- Date: 10–16 October
- Edition: 6th
- Surface: Clay
- Location: Buenos Aires, Argentina

Champions

Singles
- Renzo Olivo

Doubles
- Julio Peralta / Horacio Zeballos
| Copa Fila |

= 2016 Copa Fila =

The 2016 Copa Fila was a professional tennis tournament played on clay courts. It was the sixth edition of the tournament which was part of the 2016 ATP Challenger Tour. It took place in Buenos Aires, Argentina between 10 and 16 October 2016.
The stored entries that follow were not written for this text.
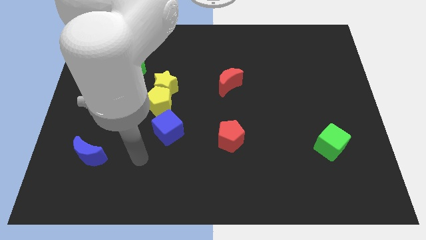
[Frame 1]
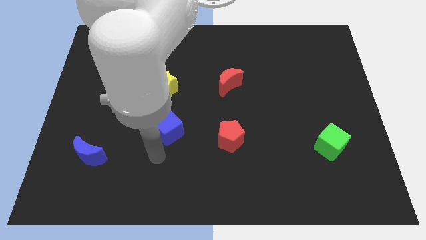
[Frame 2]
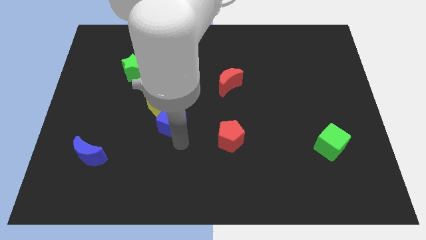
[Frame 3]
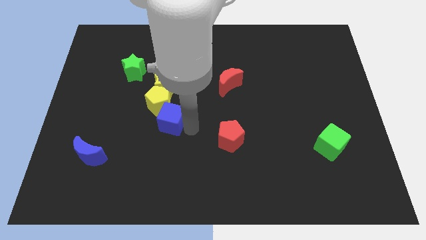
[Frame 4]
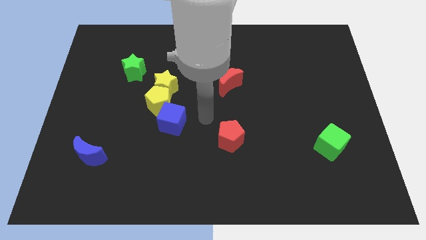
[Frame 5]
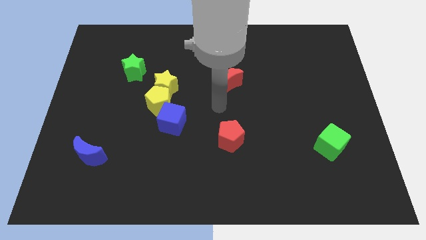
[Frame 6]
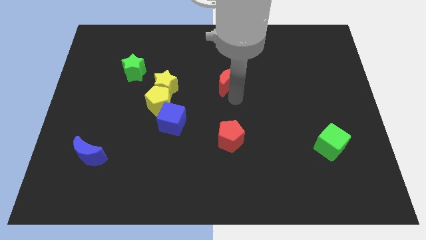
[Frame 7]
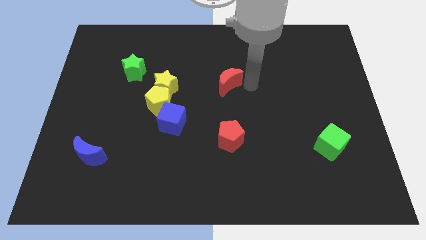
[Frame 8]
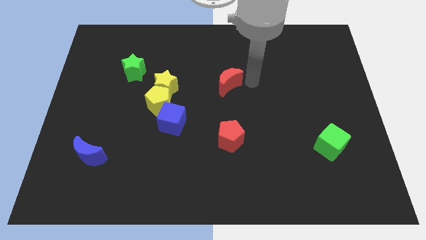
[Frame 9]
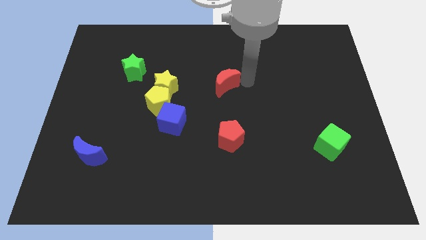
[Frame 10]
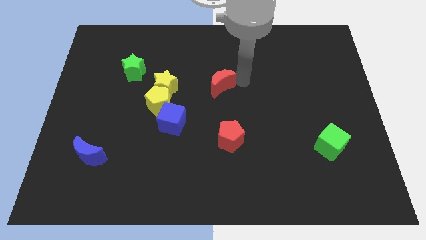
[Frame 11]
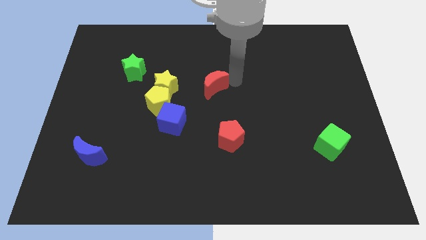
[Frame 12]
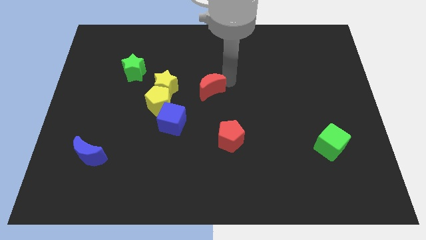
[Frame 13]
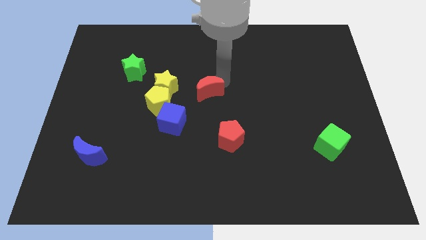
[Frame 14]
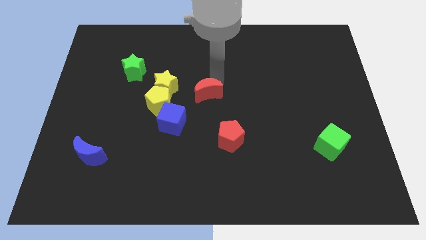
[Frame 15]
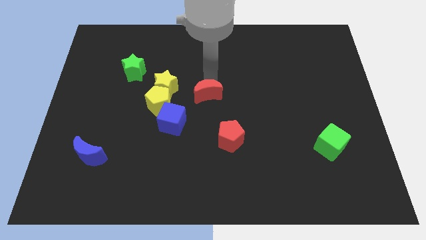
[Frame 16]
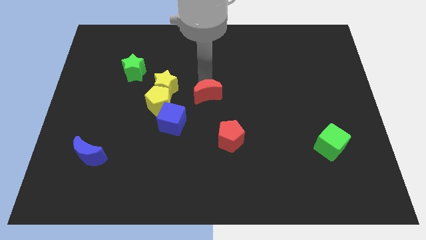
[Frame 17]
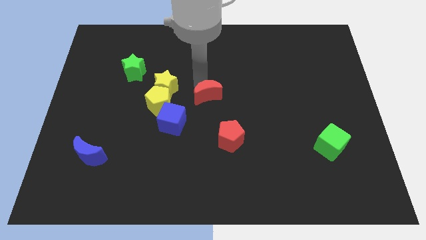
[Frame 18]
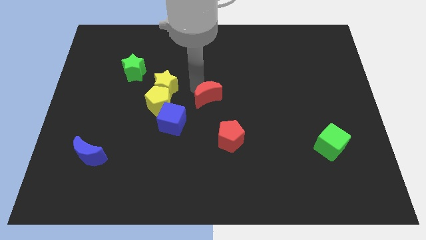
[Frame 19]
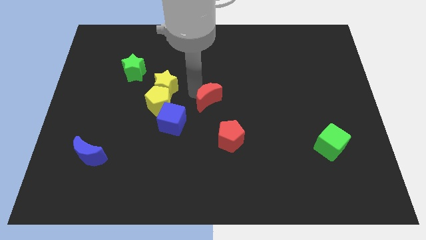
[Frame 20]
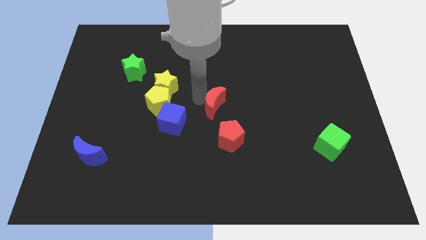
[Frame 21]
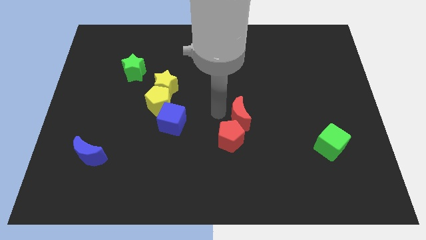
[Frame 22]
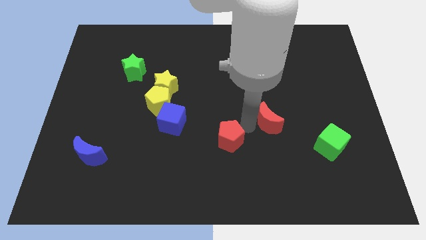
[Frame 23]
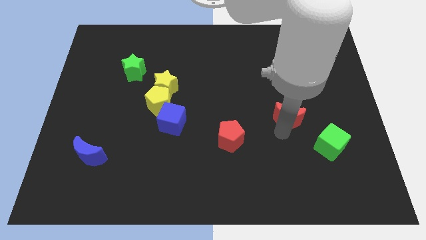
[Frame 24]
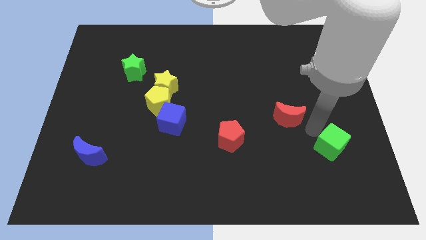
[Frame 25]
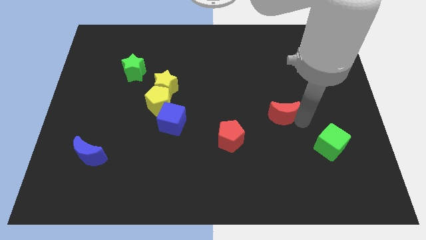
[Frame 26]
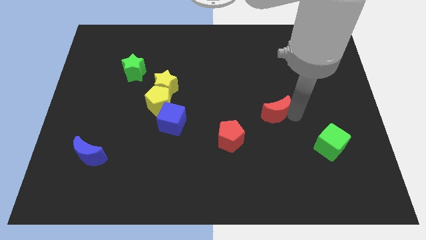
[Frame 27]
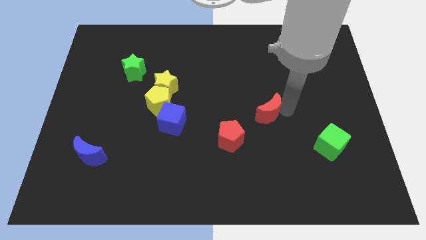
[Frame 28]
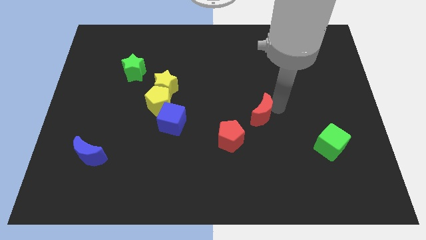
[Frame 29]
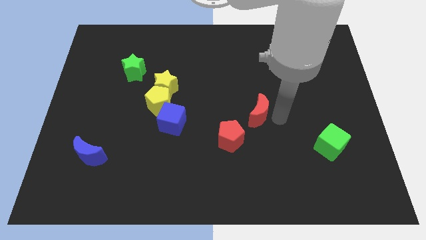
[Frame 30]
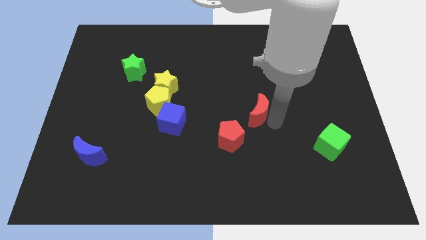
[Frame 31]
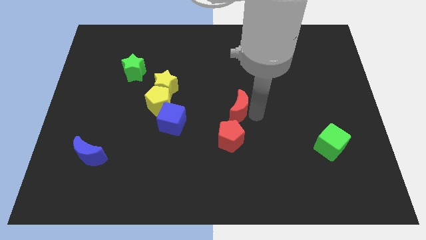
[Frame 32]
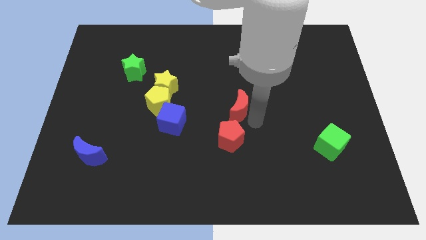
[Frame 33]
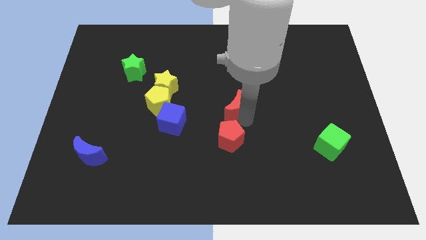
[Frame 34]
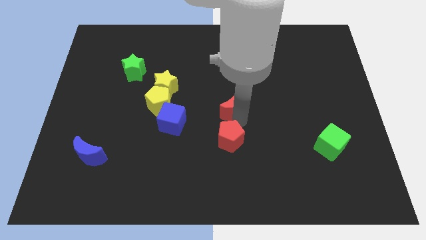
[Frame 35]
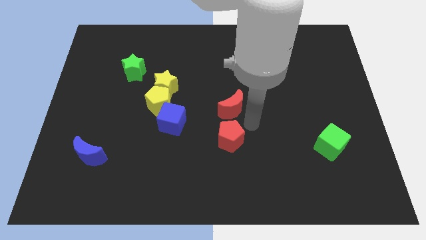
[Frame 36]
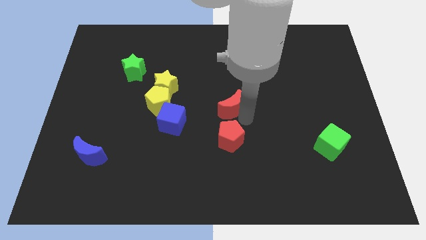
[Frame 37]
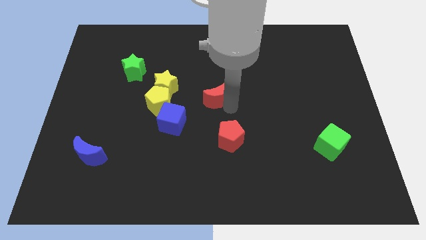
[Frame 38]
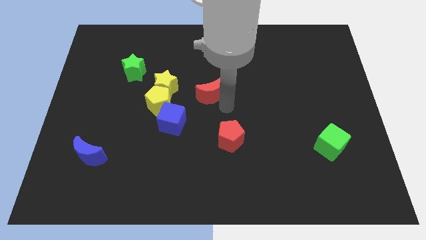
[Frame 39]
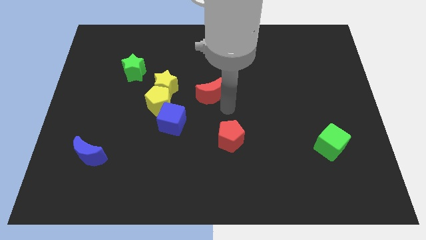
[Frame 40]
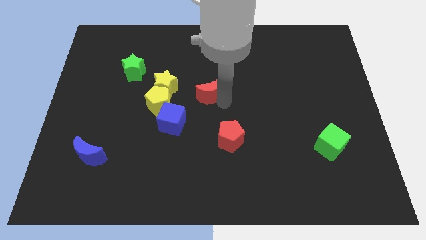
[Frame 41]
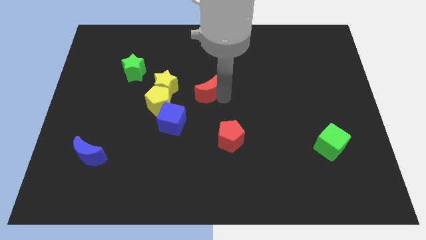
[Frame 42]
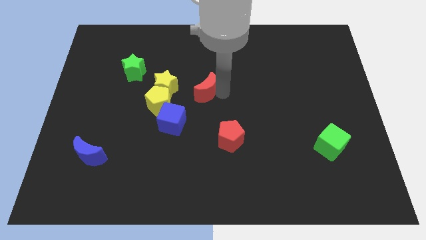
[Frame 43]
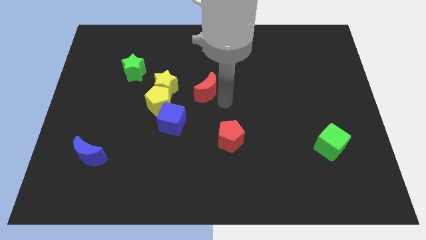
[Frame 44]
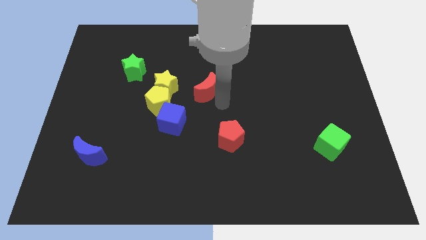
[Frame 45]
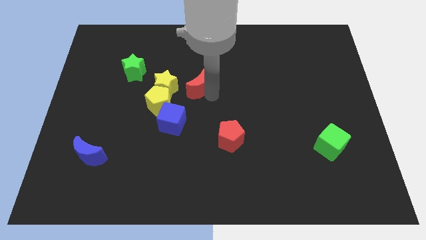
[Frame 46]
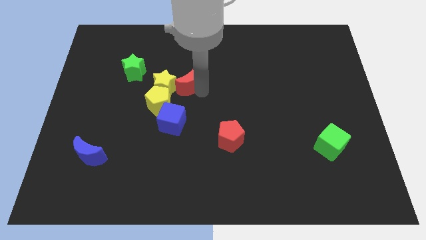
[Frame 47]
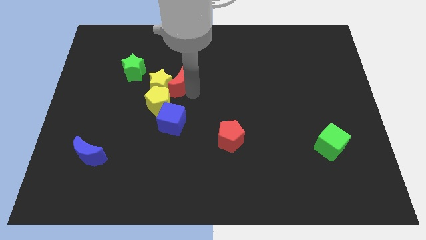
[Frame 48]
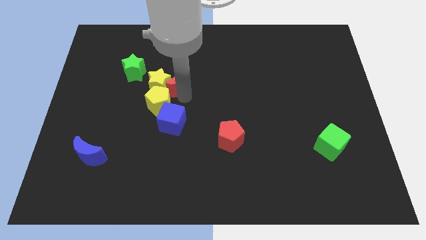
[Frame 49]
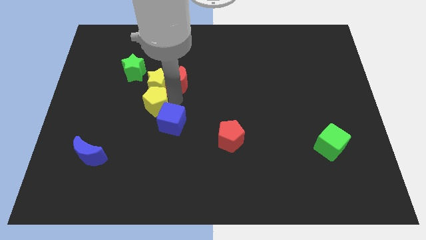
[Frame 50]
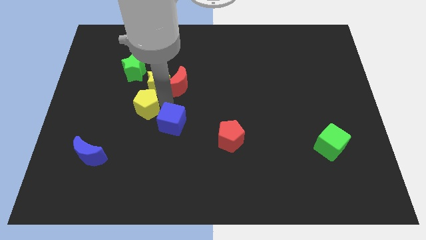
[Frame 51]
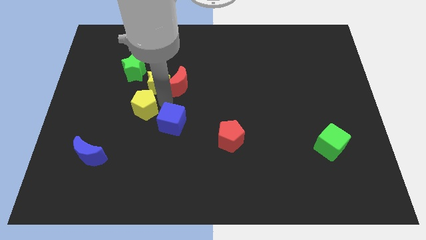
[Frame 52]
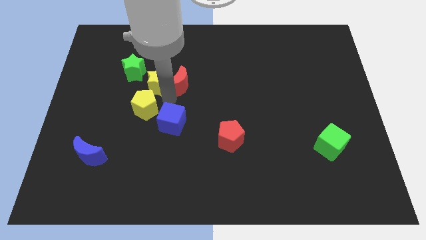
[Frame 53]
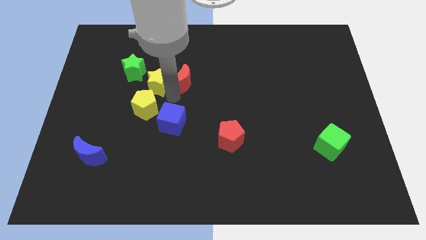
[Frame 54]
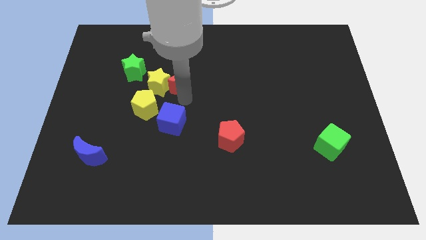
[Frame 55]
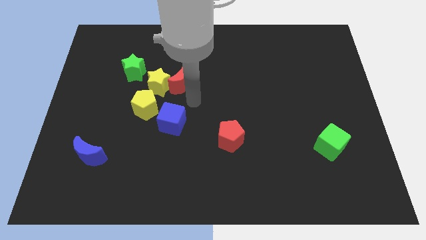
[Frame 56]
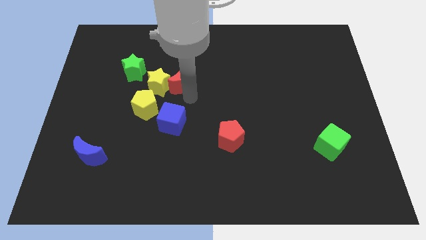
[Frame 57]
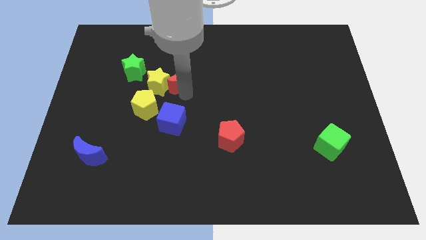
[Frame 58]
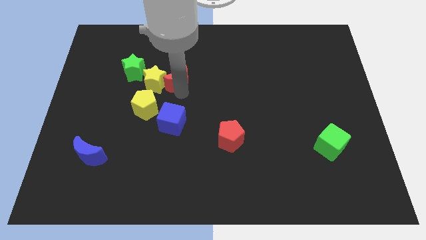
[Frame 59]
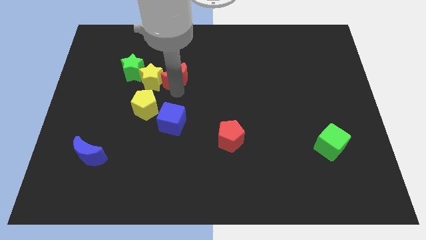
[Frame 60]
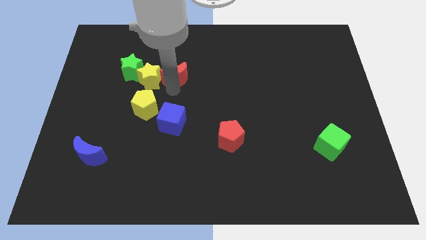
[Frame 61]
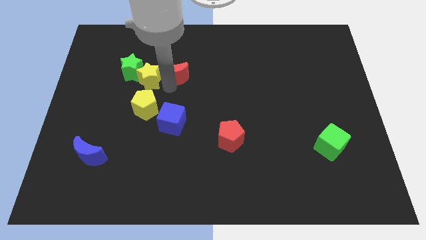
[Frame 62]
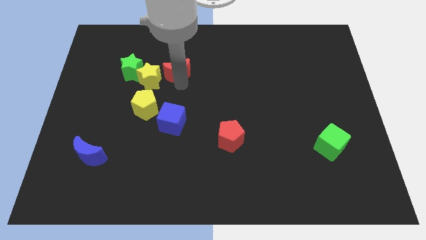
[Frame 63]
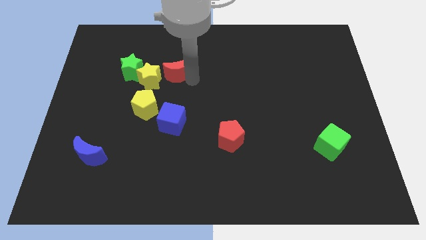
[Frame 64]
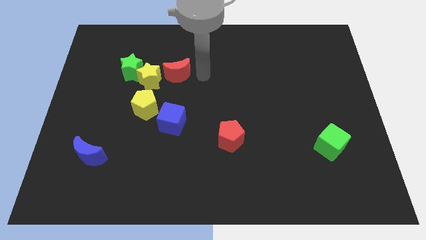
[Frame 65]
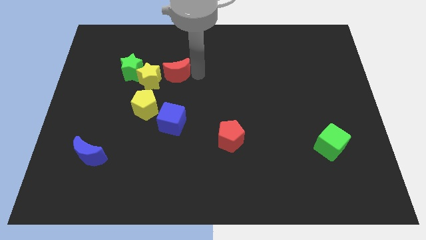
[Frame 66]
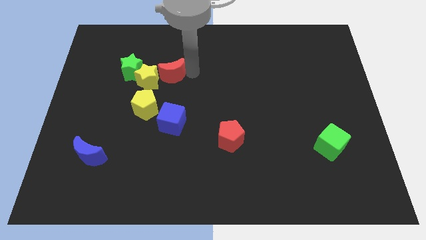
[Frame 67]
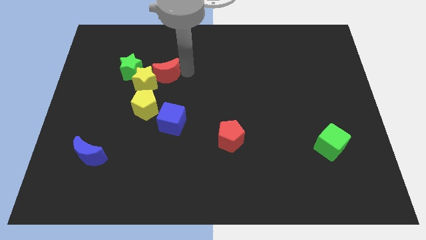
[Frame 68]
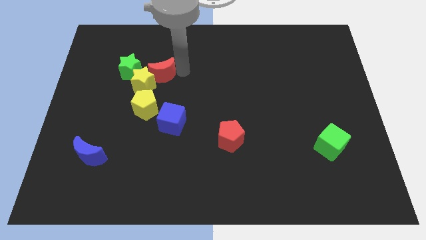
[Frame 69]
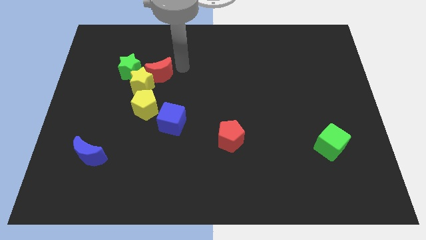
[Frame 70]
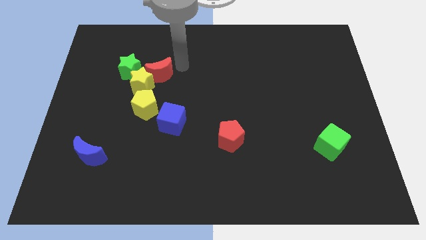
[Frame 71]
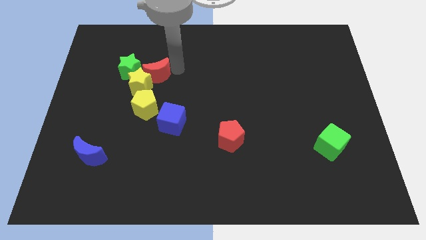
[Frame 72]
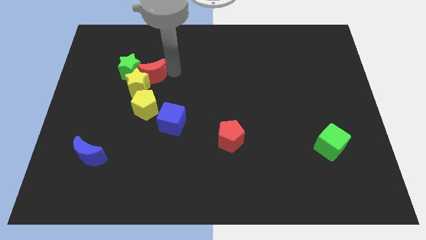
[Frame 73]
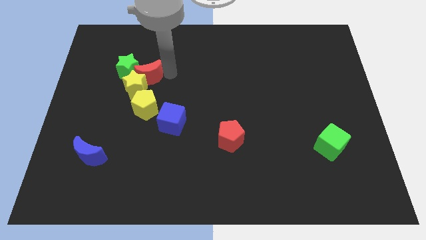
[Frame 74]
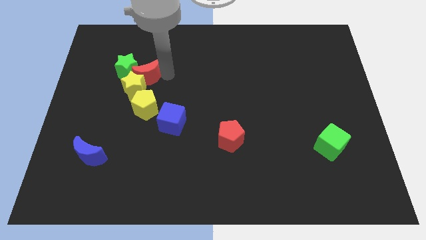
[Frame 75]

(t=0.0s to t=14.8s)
move the red moon to the left

==Singles main-draw entrants==

===Seeds===

| Country | Player | Rank^{1} | Seed |
|---|---|---|---|
| ARG | Horacio Zeballos | 72 | 1 |
| ARG | Facundo Bagnis | 74 | 2 |
| ARG | Carlos Berlocq | 75 | 3 |
| BRA | Thiago Monteiro | 90 | 4 |
| ARG | Renzo Olivo | 100 | 5 |
| BRA | Rogério Dutra da Silva | 104 | 6 |
| ARG | Leonardo Mayer | 128 | 7 |
| ARG | Guido Andreozzi | 129 | 8 |

- ^{1} Rankings are as of October 3, 2016.

===Other entrants===
The following players received wildcards into the singles main draw:
- ARG Camilo Ugo Carabelli
- ARG Mariano Kestelboim
- ARG Facundo Mena

The following players received entry from the qualifying draw:
- BRA Daniel Dutra da Silva
- BRA Pedro Sakamoto
- BRA Bruno Sant'Anna
- BRA Marcelo Zormann

The following players entered as lucky losers:
- ARG Gabriel Alejandro Hidalgo
- BRA João Pedro Sorgi

==Champions==

===Singles===

- ARG Renzo Olivo def. ARG Leonardo Mayer, 4–6, 7–6^{(7–3)}, 7–6^{(7–3)}.

===Doubles===

- CHI Julio Peralta / ARG Horacio Zeballos def. PER Sergio Galdós / BRA Fernando Romboli, 7–6^{(7–5)}, 7–6^{(7–1)}.